ANN ARBOR, MI -- New high-speed imaging techniques are allowing scientists to show how a single cell mobilizes its resources to activate its immune response, a news research study shows.

Related Articles


Howard R. Petty, Ph.D., professor and biophysicist at the University of Michigan Health System's Kellogg Eye Center, has dazzled his colleagues with movies of fluorescent-lit calcium waves that pulse through the cell, issuing an intracellular call-to-arms to attack the pathogens within.

He explains that these high-speed images provide a level of detail about cell signaling that simply wasn't possible just a few years ago.

In the April 15 issue of the Proceedings of the National Academy of Sciences, Petty provides more detail on cell signaling, depicting what he calls the "molecular machinery" underlying the immune response. He has identified a sequence of amino acids (LTL) that controls the calcium wave pathway and, crucially, the ability of immune cells to destroy targets.

The findings are important because they could eventually lead scientists to design drugs based on the amino acid motif.

"Our clinical goal," explains Petty, "is to characterize the immune cell's signaling function so that we can interrupt it or somehow intervene when it begins to misfire." The process has implications for treating autoimmune diseases such as arthritis, multiple sclerosis, and the eye disorder uveitis.

Through images of phagocytosis, the process by which a cell engulfs and then destroys its target, Petty is able to track the movement of calcium waves as they send signals to key players in the immune response.
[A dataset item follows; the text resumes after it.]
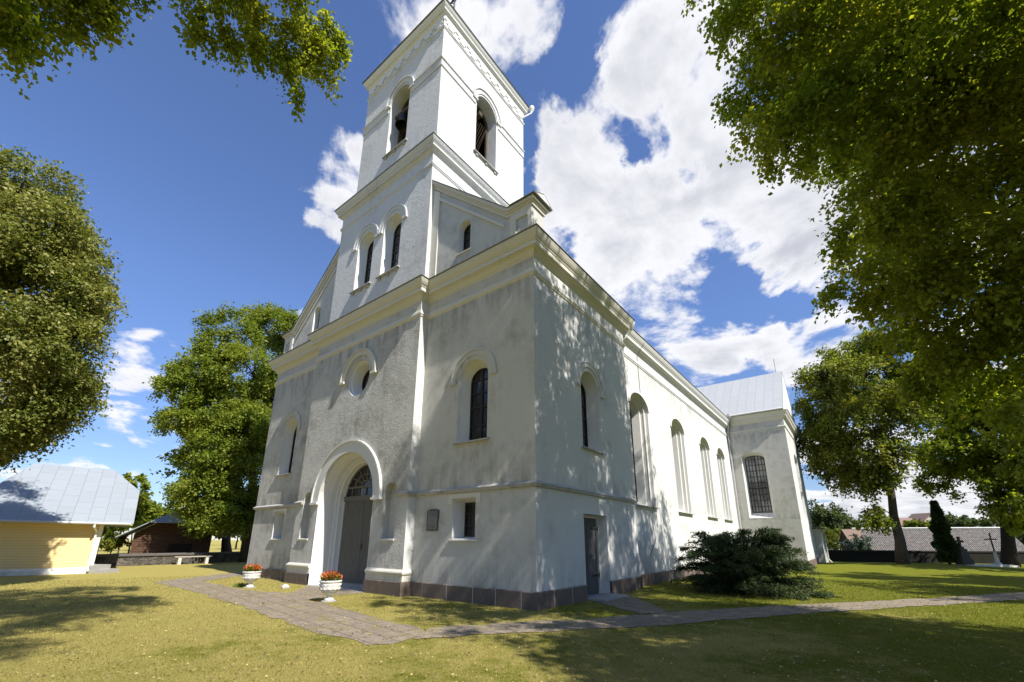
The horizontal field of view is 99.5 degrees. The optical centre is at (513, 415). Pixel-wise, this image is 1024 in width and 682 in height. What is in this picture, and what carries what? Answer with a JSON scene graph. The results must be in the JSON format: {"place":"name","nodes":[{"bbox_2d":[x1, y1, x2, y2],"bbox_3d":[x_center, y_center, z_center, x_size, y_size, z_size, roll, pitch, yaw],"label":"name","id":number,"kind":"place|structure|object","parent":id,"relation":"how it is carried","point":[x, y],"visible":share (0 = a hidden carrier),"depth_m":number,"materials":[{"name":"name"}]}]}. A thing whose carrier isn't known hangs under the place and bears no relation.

The "calcium wave" is a stream of calcium ions coming into the cell, which is detected by the fluorescence emission of a calcium-sensing dye.

As a cell membrane begins to surround its target, two calcium waves begin to circulate. When the target is completely surrounded, one wave traveling around the cell's perimeter splits in two, with the second wave encircling the phagosome or sac-like compartment. This second wave allows the digestive enzymes to enter the phagosome and finally destroy the target.

When Petty introduced a mutation in the gene (FcyRIIA) that controls phagocytosis, he found that the calcium wave simply circled the cell and bypassed the phagosome altogether. As a result, the immune cell could engulf, but could not carry out the destruction of its target. This led him to conclude that the LTL sequence orchestrates the cell signaling process.

The sequence may also have a role in directing other cell activities, for example signaling the endoplasmic reticulum to form a spindle that connects the phagosome and the outer cell membrane. "The spindle seems to act as an extension cord that signals the calcium wave into the phagosome to finish the attack," suggests Petty.

Petty explains that many of these findings are possible thanks to high-speed imaging techniques that enable him to merge knowledge of physics with cell and molecular biology. He uses high sensitivity fluorescence imaging with shutter speeds 600,000 times faster than video frames.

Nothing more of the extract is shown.